Chronique|

Pêche thérapeutique pour des femmes atteintes d’un cancer [PHOTOS]

­Se déplacer dans le courant de la rivière demande un effort physique exigeant.

La fondation Sur la pointe des pieds a réalisé un vieux rêve de Mario Bilodeau, le docteur en plein air et cofondateur de la fondation : organiser une aventure thérapeutique de pêche à la mouche avec des personnes atteintes d’un cancer.


Mario Bilodeau connaît les bienfaits du plein air et de l’aventure sur la santé des gens. Celui qui est aussi cofondateur du baccalauréat en intervention plein air de l’Université du Québec à Chicoutimi (UQAC), avec l’aventurier André-François Bourbeau, en a fait l’objet de ses études doctorales et prononce des conférences à ce sujet.

­Se déplacer dans le courant de la rivière demande un effort physique exigeant.

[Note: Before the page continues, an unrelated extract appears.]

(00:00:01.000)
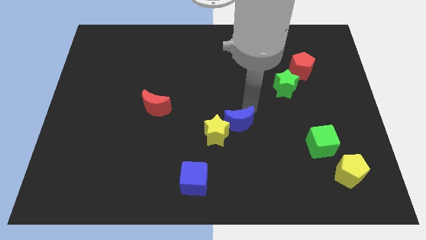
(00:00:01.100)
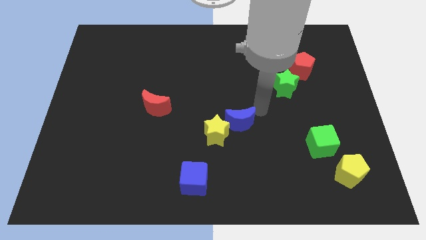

Le projet pilote de pêche à la mouche a été réalisé grâce au sujet de fin d’études de Marie-Michelle Paradis, inscrite au diplôme d’études supérieures spécialisées (DESS) en intervention par la nature et l’aventure (INA) de l’UQAC. « Nous avons travaillé trois ans sur ce projet, qui a été retardé par la COVID. Nous avons recruté neuf participantes âgées de 30 à 39 ans pour vivre l’expérience du 2 au 9 juillet. On avait tellement hâte de se rencontrer ! Après deux années de contact par Zoom, on avait l’impression de se connaître », souligne Marie-Michelle Paradis, que j’ai rencontrée dans les locaux de la fondation, situés dans l’Auberge du presbytère Sacré-Coeur, près de la Petite Maison Blanche, à Chicoutimi.

Mario Bilodeau, qui agissait à titre de mentor pour cette sortie thérapeutique, en parle avec beaucoup de fierté. « C’est un rêve que je caresse depuis longtemps. J’ai fait des sorties de pêche avec des jeunes en difficulté à l’époque et je savais que ce serait salutaire pour les personnes atteintes de cancer », assure-t-il.

« L’expédition a commencé sur la portion de la rivière des Escoumins, sur la zec Nordique, où nous avons campé quatre jours pour pêcher la truite de rivière. L’expédition thérapeutique avait deux objectifs. Le premier était de permettre aux participantes de parler et d’échanger sur leur maladie avec des gens qui vivent la même situation qu’eux et l’autre objectif visait l’aventure et la nature », explique Mario Bilodeau.

Marie-Michelle Paradis nuance les propos en précisant que « l’expédition était plus nature qu’aventure, même si une activité de randonnée pédestre nécessitait un bon effort de 45 minutes ».

Mario Bilodeau enchaîne : « La nature et l’aventure, quand c’est bien présenté, ça fait ressortir le meilleur des gens. »

Aventure et nature

« La pêche à la mouche offre tout ce que la nature et l’aventure peuvent offrir. L’aventure a commencé dès les premiers contacts avec les participants, en s’intéressant à un projet qui les mènerait loin de chez eux, dans une activité dont ils ignorent les règles et les techniques », fait valoir Marie-Michelle Paradis.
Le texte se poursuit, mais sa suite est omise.